In the second step, we enrich each row with temporal encodings and a prediction
target:

- we compute sinusoidal encodings of time-of-day,
  `tod_sin` and `tod_cos`, to represent the 48 half-hour slots within a day
  as points on a circle;
- we compute sinusoidal encodings of day-of-week,
  `dow_sin` and `dow_cos`, to represent the weekly cycle;
- we define `flow_next` as the next half-hour flow for the same grid cell,
  using a window function over each `(x, y)` time series ordered by `(d, t)`.

Finally, we select the grid indices (`x`, `y`), all model input features
(`flow`, all `poi_*` columns, and the four time encodings), the target
`flow_next`, and the global `time_index`. Rows where `flow_next` is missing
(i.e., the last time step in a cell’s sequence) are dropped. The resulting
`flow_feat` table is a clean, fully-specified dataset ready for temporal
train/test splitting and sequence construction.


In [None]:
feature_cols = ["flow"] + poi_cols + ["tod_sin", "tod_cos", "dow_sin", "dow_cos"]

con.execute(f"""
    CREATE OR REPLACE TABLE flow_feat AS
    WITH base AS (
        SELECT
            d::INT AS d,
            t::INT AS t,
            x::INT AS x,
            y::INT AS y,
            flow,
            {", ".join([f"COALESCE({c}, 0) AS {c}" for c in poi_cols])},
            t AS time_of_day,
            d % 7 AS dow,
            (d * 48 + t) AS time_index
        FROM flow_poi
    ),
    feat AS (
        SELECT
            *,
            sin(2*PI()*time_of_day/48.0) AS tod_sin,
            cos(2*PI()*time_of_day/48.0) AS tod_cos,
            sin(2*PI()*dow/7.0)          AS dow_sin,
            cos(2*PI()*dow/7.0)          AS dow_cos,
            LEAD(flow) OVER (
                PARTITION BY x, y
                ORDER BY d, t
            ) AS flow_next
        FROM base
    )
    SELECT
        x,
        y,
        {", ".join(feature_cols)},
        flow_next,
        time_index
    FROM feat
    WHERE flow_next IS NOT NULL;
""")


In [None]:
print(con.execute("SELECT COUNT(*) FROM flow_feat;").fetchall())
print(con.execute("PRAGMA table_info('flow_feat');").fetchall()[:15])


![](image/005.png)

### 2. Train–test split and feature normalization

To prepare the data for modeling, we perform a temporal split on the feature
table `flow_feat`. Because mobility patterns evolve over time, the model should
be evaluated on future data rather than on randomly shuffled samples. We therefore
split the dataset by the global `time_index`:

1. We compute the 80th percentile of `time_index` across all rows.
2. Rows with `time_index` ≤ threshold form the training set (`flow_feat_train`).
3. Rows with `time_index` > threshold form the test set (`flow_feat_test`).
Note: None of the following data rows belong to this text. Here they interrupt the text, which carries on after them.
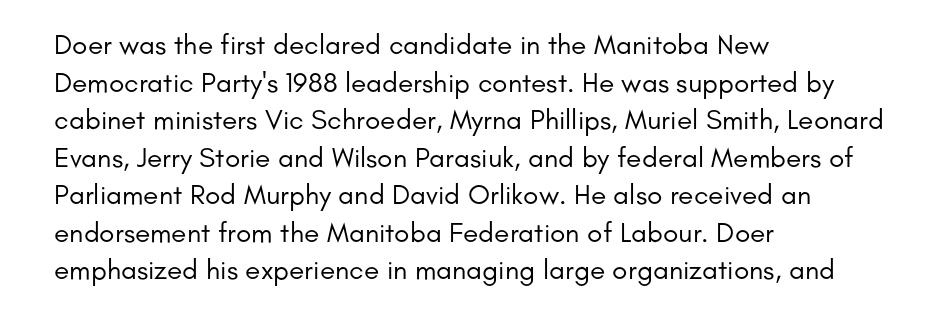
{"serif": "no", "italic": "no", "bold": "no", "weight": "regular", "width": "normal", "stroke_contrast": "low", "x_height": "small", "monospaced": "no", "underline": "no", "align": "left", "line_spacing": "normal", "line_spacing_ratio": 1.34, "letter_spacing": "normal", "letter_spacing_em": 0.0, "glyph_px": 28}
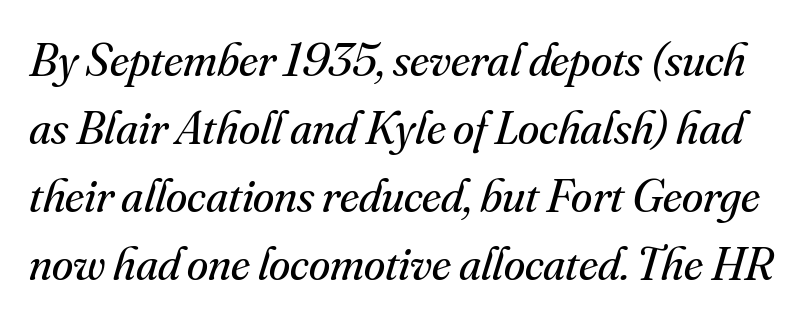
The image shows 48 px regular-weight serif type, italic (leaning right); set normal line spacing (1.42x), normal letter spacing, not underlined; medium stroke contrast and a small x-height.
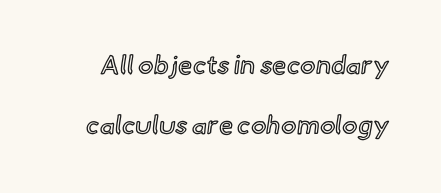
{"underline": "no", "line_spacing": "loose", "line_spacing_ratio": 2.3, "letter_spacing": "normal", "letter_spacing_em": 0.0, "glyph_px": 26}
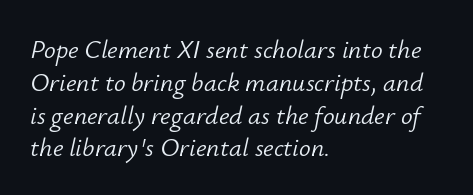
The image shows 26 px text type, italic (leaning right); set left-aligned, normal line spacing (1.26x), normal letter spacing, not underlined.
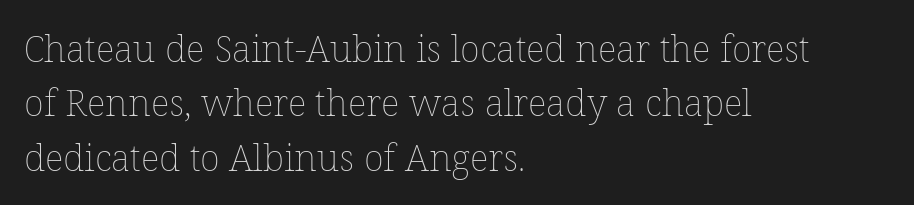
Q: Is the text bold? A: No.
Q: Is the text italic (slanted)? A: No, it is upright.
Q: Is the text underlined? A: No.
Q: How is the paragraph aligned? A: Left-aligned.
Q: Is the spacing between letters normal or unusually wide? A: Normal.
Q: Is the spacing between lines tight, normal or loose? A: Normal.
Q: Width (condensed, normal, or wide)? A: Normal.
Q: Stroke contrast? A: Low.
Q: x-height? A: Medium.
Q: Monospaced? A: No.
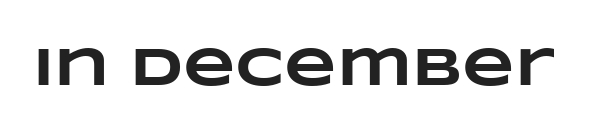
The image shows 54 px heavy, wide type; set normal letter spacing, not underlined; low stroke contrast and a large x-height.
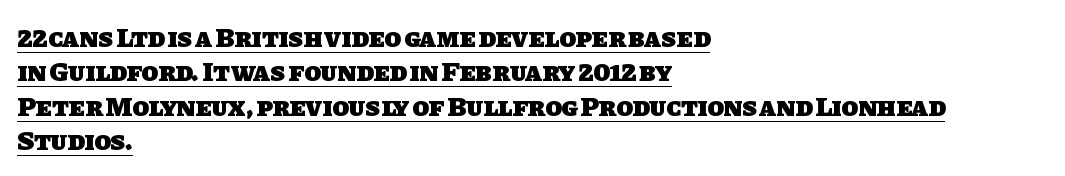
The image shows 27 px bold type; set left-aligned, normal line spacing (1.27x), normal letter spacing, underlined.
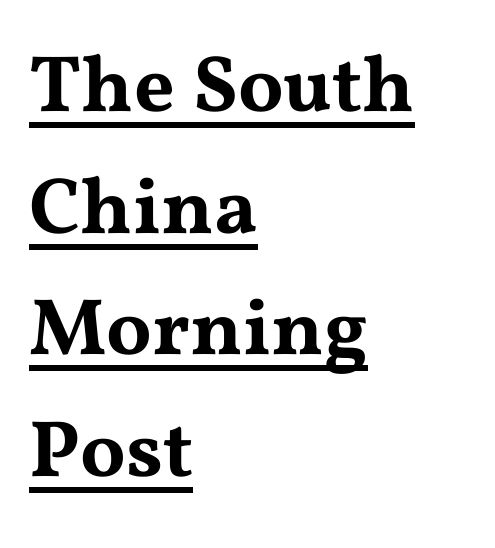
The image shows 80 px wide serif type, upright; set left-aligned, normal line spacing (1.52x), normal letter spacing, underlined; medium stroke contrast and a medium x-height.
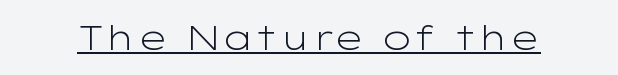
{"serif": "no", "italic": "no", "bold": "no", "weight": "light", "width": "wide", "stroke_contrast": "low", "x_height": "medium", "monospaced": "no", "underline": "yes", "letter_spacing": "normal", "letter_spacing_em": 0.0, "glyph_px": 34}
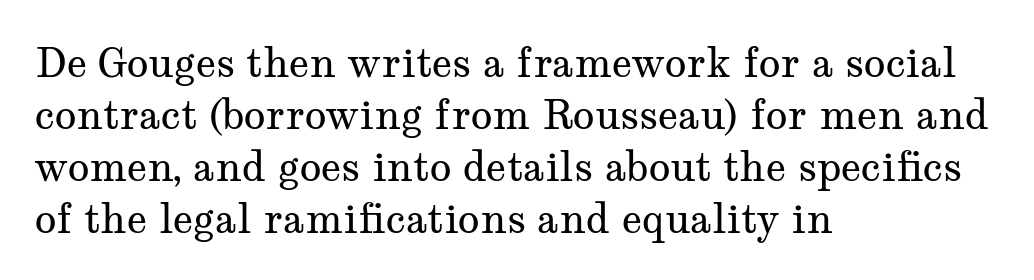
Q: Is the text bold? A: No.
Q: Is the text italic (slanted)? A: No, it is upright.
Q: Is the typeface a serif or a sans-serif typeface? A: Serif.
Q: Is the text underlined? A: No.
Q: How is the paragraph aligned? A: Left-aligned.
Q: Is the spacing between letters normal or unusually wide? A: Normal.
Q: Is the spacing between lines tight, normal or loose? A: Normal.
Q: Width (condensed, normal, or wide)? A: Wide.
Q: Stroke contrast? A: Medium.
Q: x-height? A: Medium.
Q: Monospaced? A: No.
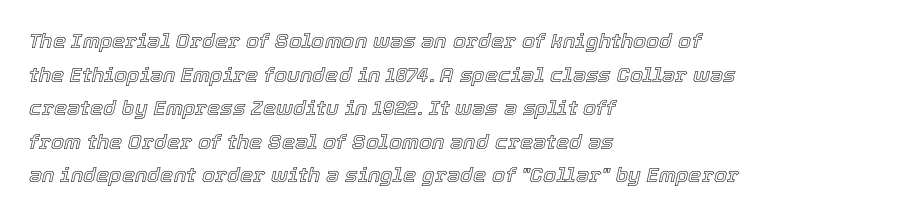
The image shows 21 px text type, italic (leaning right); set left-aligned, normal line spacing (1.6x), normal letter spacing, not underlined.
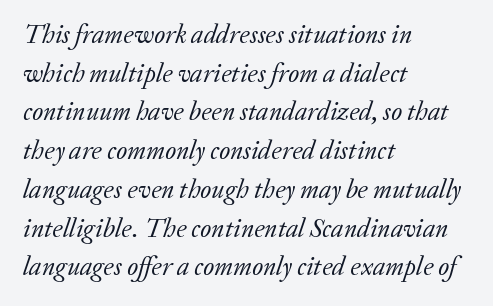
Words appear dense and cohesive because spacing is normal. Check the space under the baseline: it is left empty. Weight: regular or lighter. Vertically, the passage feels balanced, rows spaced as you'd expect.
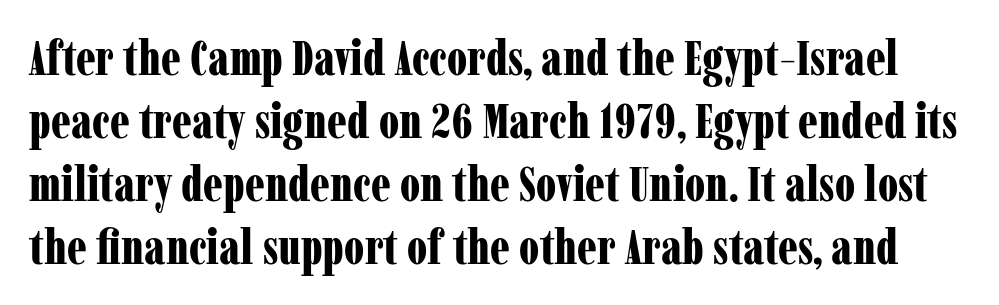
Q: Is the text bold? A: Yes.
Q: Is the text italic (slanted)? A: No, it is upright.
Q: Is the typeface a serif or a sans-serif typeface? A: Serif.
Q: Is the text underlined? A: No.
Q: Is the spacing between letters normal or unusually wide? A: Normal.
Q: Is the spacing between lines tight, normal or loose? A: Normal.
Q: Width (condensed, normal, or wide)? A: Condensed.
Q: Stroke contrast? A: Low.
Q: x-height? A: Medium.
Q: Monospaced? A: No.

This ensures that the model is trained only on past observations and evaluated
on genuinely later time periods.

After splitting, we compute feature-wise means and standard deviations **only on
the training set**. These statistics are collected for each model input feature in
`feature_cols`. They are later used to apply z-score normalization to both training and test sequences. Computing normalization parameters solely
from the training set avoids information leakage from the future into the model.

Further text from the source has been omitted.